==== DATA SUPPLIED
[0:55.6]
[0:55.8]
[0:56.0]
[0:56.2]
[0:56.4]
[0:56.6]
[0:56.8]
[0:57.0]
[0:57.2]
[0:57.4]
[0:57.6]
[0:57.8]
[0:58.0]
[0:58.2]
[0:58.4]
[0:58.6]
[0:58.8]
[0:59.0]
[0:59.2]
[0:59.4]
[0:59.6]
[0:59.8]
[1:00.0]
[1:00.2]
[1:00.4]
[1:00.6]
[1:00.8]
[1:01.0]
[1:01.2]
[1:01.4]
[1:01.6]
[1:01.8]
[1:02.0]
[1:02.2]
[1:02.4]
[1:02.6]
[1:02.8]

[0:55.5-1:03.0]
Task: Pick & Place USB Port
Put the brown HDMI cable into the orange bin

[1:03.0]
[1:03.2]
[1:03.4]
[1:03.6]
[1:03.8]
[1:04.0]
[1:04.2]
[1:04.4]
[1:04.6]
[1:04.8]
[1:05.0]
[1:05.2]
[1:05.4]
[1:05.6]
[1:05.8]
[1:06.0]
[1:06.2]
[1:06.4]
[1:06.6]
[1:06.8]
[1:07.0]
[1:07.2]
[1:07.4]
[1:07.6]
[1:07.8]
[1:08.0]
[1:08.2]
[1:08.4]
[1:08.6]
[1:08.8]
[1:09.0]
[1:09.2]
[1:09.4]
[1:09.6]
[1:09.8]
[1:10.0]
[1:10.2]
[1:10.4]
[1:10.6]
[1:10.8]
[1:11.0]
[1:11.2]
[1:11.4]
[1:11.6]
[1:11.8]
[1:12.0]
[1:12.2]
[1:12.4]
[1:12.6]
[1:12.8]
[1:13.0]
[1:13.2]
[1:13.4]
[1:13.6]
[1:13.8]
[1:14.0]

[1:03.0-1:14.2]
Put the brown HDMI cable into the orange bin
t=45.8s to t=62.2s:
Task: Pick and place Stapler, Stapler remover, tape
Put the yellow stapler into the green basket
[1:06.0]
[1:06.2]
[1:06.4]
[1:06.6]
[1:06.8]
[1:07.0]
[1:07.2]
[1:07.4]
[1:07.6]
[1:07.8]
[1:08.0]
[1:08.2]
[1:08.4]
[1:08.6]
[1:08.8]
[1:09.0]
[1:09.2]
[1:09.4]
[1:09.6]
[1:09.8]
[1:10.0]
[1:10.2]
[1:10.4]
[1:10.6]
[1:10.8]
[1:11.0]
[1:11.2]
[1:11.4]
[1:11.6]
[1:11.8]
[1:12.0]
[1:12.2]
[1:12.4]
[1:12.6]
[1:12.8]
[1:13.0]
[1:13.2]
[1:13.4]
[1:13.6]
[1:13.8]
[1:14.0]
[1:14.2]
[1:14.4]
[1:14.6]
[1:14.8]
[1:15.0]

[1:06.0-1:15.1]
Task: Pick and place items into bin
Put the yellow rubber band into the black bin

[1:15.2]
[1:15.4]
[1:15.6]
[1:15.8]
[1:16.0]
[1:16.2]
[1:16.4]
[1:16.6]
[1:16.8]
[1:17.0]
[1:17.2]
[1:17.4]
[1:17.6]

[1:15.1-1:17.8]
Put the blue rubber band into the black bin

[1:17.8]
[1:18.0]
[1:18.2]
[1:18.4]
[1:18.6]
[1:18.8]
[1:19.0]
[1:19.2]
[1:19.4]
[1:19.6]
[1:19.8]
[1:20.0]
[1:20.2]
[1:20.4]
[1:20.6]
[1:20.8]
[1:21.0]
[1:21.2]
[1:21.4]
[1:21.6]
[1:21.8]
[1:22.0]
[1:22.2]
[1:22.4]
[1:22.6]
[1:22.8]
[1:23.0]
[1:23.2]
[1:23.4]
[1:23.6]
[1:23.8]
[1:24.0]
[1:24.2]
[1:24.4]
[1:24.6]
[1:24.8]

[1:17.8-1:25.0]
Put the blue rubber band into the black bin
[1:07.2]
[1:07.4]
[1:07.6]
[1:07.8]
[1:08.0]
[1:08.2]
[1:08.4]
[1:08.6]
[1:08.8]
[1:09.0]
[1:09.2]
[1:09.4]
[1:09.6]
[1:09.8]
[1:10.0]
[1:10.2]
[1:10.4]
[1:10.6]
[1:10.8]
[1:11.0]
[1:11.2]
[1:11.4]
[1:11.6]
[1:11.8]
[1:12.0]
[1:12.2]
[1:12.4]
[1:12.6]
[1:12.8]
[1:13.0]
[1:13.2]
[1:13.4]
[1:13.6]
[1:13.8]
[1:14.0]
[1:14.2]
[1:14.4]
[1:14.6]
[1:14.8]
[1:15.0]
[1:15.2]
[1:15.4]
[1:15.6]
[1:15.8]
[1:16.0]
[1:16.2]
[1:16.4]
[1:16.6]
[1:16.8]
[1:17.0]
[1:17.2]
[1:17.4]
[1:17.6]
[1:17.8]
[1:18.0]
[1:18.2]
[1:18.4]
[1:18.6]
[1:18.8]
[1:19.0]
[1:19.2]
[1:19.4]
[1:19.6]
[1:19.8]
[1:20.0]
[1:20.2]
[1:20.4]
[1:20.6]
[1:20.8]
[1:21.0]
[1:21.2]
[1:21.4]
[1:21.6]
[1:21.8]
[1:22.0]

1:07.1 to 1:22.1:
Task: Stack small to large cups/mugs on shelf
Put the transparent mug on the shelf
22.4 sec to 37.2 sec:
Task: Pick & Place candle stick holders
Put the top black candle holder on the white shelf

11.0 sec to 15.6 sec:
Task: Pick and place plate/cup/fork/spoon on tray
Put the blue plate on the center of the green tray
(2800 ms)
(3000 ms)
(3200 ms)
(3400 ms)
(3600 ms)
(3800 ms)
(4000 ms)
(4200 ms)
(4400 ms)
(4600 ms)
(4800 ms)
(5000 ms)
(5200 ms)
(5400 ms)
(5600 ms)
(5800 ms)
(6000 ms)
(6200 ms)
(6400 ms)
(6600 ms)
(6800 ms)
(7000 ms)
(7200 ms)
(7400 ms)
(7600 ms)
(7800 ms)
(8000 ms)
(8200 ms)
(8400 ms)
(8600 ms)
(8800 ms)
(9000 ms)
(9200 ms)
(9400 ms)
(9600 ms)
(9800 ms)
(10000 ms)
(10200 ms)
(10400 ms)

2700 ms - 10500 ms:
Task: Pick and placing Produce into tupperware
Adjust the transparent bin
========
- [WHAT IS BEING ASKED]: All lines of the data above must be returned exactly.

- [EXERCISE ANSWER]:
[0:55.6]
[0:55.8]
[0:56.0]
[0:56.2]
[0:56.4]
[0:56.6]
[0:56.8]
[0:57.0]
[0:57.2]
[0:57.4]
[0:57.6]
[0:57.8]
[0:58.0]
[0:58.2]
[0:58.4]
[0:58.6]
[0:58.8]
[0:59.0]
[0:59.2]
[0:59.4]
[0:59.6]
[0:59.8]
[1:00.0]
[1:00.2]
[1:00.4]
[1:00.6]
[1:00.8]
[1:01.0]
[1:01.2]
[1:01.4]
[1:01.6]
[1:01.8]
[1:02.0]
[1:02.2]
[1:02.4]
[1:02.6]
[1:02.8]

[0:55.5-1:03.0]
Task: Pick & Place USB Port
Put the brown HDMI cable into the orange bin

[1:03.0]
[1:03.2]
[1:03.4]
[1:03.6]
[1:03.8]
[1:04.0]
[1:04.2]
[1:04.4]
[1:04.6]
[1:04.8]
[1:05.0]
[1:05.2]
[1:05.4]
[1:05.6]
[1:05.8]
[1:06.0]
[1:06.2]
[1:06.4]
[1:06.6]
[1:06.8]
[1:07.0]
[1:07.2]
[1:07.4]
[1:07.6]
[1:07.8]
[1:08.0]
[1:08.2]
[1:08.4]
[1:08.6]
[1:08.8]
[1:09.0]
[1:09.2]
[1:09.4]
[1:09.6]
[1:09.8]
[1:10.0]
[1:10.2]
[1:10.4]
[1:10.6]
[1:10.8]
[1:11.0]
[1:11.2]
[1:11.4]
[1:11.6]
[1:11.8]
[1:12.0]
[1:12.2]
[1:12.4]
[1:12.6]
[1:12.8]
[1:13.0]
[1:13.2]
[1:13.4]
[1:13.6]
[1:13.8]
[1:14.0]

[1:03.0-1:14.2]
Put the brown HDMI cable into the orange bin
t=45.8s to t=62.2s:
Task: Pick and place Stapler, Stapler remover, tape
Put the yellow stapler into the green basket
[1:06.0]
[1:06.2]
[1:06.4]
[1:06.6]
[1:06.8]
[1:07.0]
[1:07.2]
[1:07.4]
[1:07.6]
[1:07.8]
[1:08.0]
[1:08.2]
[1:08.4]
[1:08.6]
[1:08.8]
[1:09.0]
[1:09.2]
[1:09.4]
[1:09.6]
[1:09.8]
[1:10.0]
[1:10.2]
[1:10.4]
[1:10.6]
[1:10.8]
[1:11.0]
[1:11.2]
[1:11.4]
[1:11.6]
[1:11.8]
[1:12.0]
[1:12.2]
[1:12.4]
[1:12.6]
[1:12.8]
[1:13.0]
[1:13.2]
[1:13.4]
[1:13.6]
[1:13.8]
[1:14.0]
[1:14.2]
[1:14.4]
[1:14.6]
[1:14.8]
[1:15.0]

[1:06.0-1:15.1]
Task: Pick and place items into bin
Put the yellow rubber band into the black bin

[1:15.2]
[1:15.4]
[1:15.6]
[1:15.8]
[1:16.0]
[1:16.2]
[1:16.4]
[1:16.6]
[1:16.8]
[1:17.0]
[1:17.2]
[1:17.4]
[1:17.6]

[1:15.1-1:17.8]
Put the blue rubber band into the black bin

[1:17.8]
[1:18.0]
[1:18.2]
[1:18.4]
[1:18.6]
[1:18.8]
[1:19.0]
[1:19.2]
[1:19.4]
[1:19.6]
[1:19.8]
[1:20.0]
[1:20.2]
[1:20.4]
[1:20.6]
[1:20.8]
[1:21.0]
[1:21.2]
[1:21.4]
[1:21.6]
[1:21.8]
[1:22.0]
[1:22.2]
[1:22.4]
[1:22.6]
[1:22.8]
[1:23.0]
[1:23.2]
[1:23.4]
[1:23.6]
[1:23.8]
[1:24.0]
[1:24.2]
[1:24.4]
[1:24.6]
[1:24.8]

[1:17.8-1:25.0]
Put the blue rubber band into the black bin
[1:07.2]
[1:07.4]
[1:07.6]
[1:07.8]
[1:08.0]
[1:08.2]
[1:08.4]
[1:08.6]
[1:08.8]
[1:09.0]
[1:09.2]
[1:09.4]
[1:09.6]
[1:09.8]
[1:10.0]
[1:10.2]
[1:10.4]
[1:10.6]
[1:10.8]
[1:11.0]
[1:11.2]
[1:11.4]
[1:11.6]
[1:11.8]
[1:12.0]
[1:12.2]
[1:12.4]
[1:12.6]
[1:12.8]
[1:13.0]
[1:13.2]
[1:13.4]
[1:13.6]
[1:13.8]
[1:14.0]
[1:14.2]
[1:14.4]
[1:14.6]
[1:14.8]
[1:15.0]
[1:15.2]
[1:15.4]
[1:15.6]
[1:15.8]
[1:16.0]
[1:16.2]
[1:16.4]
[1:16.6]
[1:16.8]
[1:17.0]
[1:17.2]
[1:17.4]
[1:17.6]
[1:17.8]
[1:18.0]
[1:18.2]
[1:18.4]
[1:18.6]
[1:18.8]
[1:19.0]
[1:19.2]
[1:19.4]
[1:19.6]
[1:19.8]
[1:20.0]
[1:20.2]
[1:20.4]
[1:20.6]
[1:20.8]
[1:21.0]
[1:21.2]
[1:21.4]
[1:21.6]
[1:21.8]
[1:22.0]

1:07.1 to 1:22.1:
Task: Stack small to large cups/mugs on shelf
Put the transparent mug on the shelf
22.4 sec to 37.2 sec:
Task: Pick & Place candle stick holders
Put the top black candle holder on the white shelf

11.0 sec to 15.6 sec:
Task: Pick and place plate/cup/fork/spoon on tray
Put the blue plate on the center of the green tray
(2800 ms)
(3000 ms)
(3200 ms)
(3400 ms)
(3600 ms)
(3800 ms)
(4000 ms)
(4200 ms)
(4400 ms)
(4600 ms)
(4800 ms)
(5000 ms)
(5200 ms)
(5400 ms)
(5600 ms)
(5800 ms)
(6000 ms)
(6200 ms)
(6400 ms)
(6600 ms)
(6800 ms)
(7000 ms)
(7200 ms)
(7400 ms)
(7600 ms)
(7800 ms)
(8000 ms)
(8200 ms)
(8400 ms)
(8600 ms)
(8800 ms)
(9000 ms)
(9200 ms)
(9400 ms)
(9600 ms)
(9800 ms)
(10000 ms)
(10200 ms)
(10400 ms)

2700 ms - 10500 ms:
Task: Pick and placing Produce into tupperware
Adjust the transparent bin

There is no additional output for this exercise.